Pop punk, emo and metal has always had an element of familiarity to it. A sense of belonging and being around people just like you and being part of a collective movement who care about each other. This is never more prevalent than when mental instability is in question. No one should feel alone and sad and people should care about each other and help those in need- that’s not pop punk, that’s just being human.

I took to one of the largest online pop punk communities, UK Pop Punk, on Facebook to see if the genre has ever helped anyone before. The Facebook page with over 7,000 members is a constant stream of news, opinions and points of view from the thriving UK pop punk, emo and metal scene. My point in question was to ask if anyone was helped during tough times by music.

Seren, who suffered and overcame cancer in 2015 said: “Architects helped because Tom who is in the band had skin cancer. Their music revolved a lot around talking about that. People can be very understanding but it isn’t quite the same unless they actually know how you feel and they captured a lot of it well.
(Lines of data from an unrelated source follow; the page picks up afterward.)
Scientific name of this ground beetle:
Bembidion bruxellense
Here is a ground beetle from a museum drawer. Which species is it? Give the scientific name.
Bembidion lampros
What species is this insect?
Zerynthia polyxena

A lot of bands get angry about cancer, I think that serves quite well to how I felt but didn’t really express it to anyone, you should be angry about it and I used music as an outlet for that.” I was inundated with comments and messages from those who saw my post and they all had an individual story to tell in which music had helped them get through trouble.
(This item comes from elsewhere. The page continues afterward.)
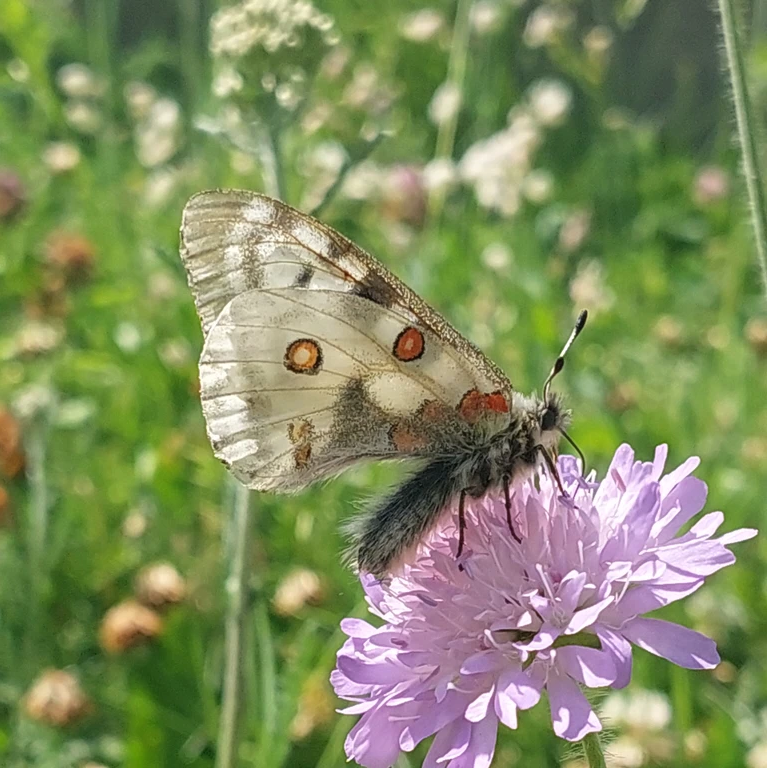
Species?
Parnassius apollo
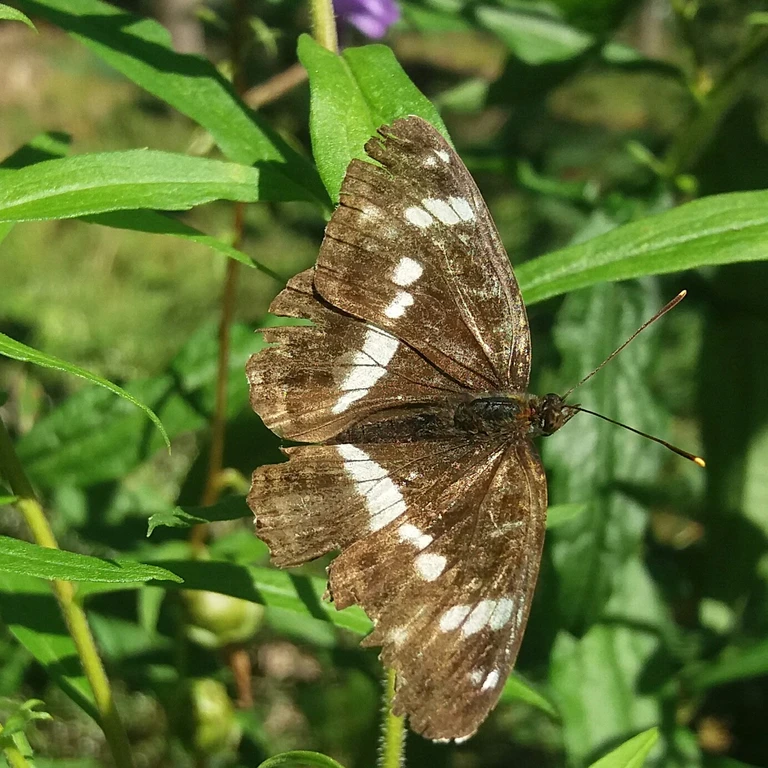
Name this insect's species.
Limenitis camilla (also Ladoga camilla)

It’s proof the genre’s evolution. Take The Wonder Years’ ‘No Closer To Heaven’, one of the most mature, clever and artistic pop punk records ever produced. It’s a direction in which the new mature and modern brand of pop punk is heading. It seems the immature novelty fanboy with his baseball cap, tie dye top, shitty tattoos and shorts has got in his van with his friends and pizza and has firmly left this town.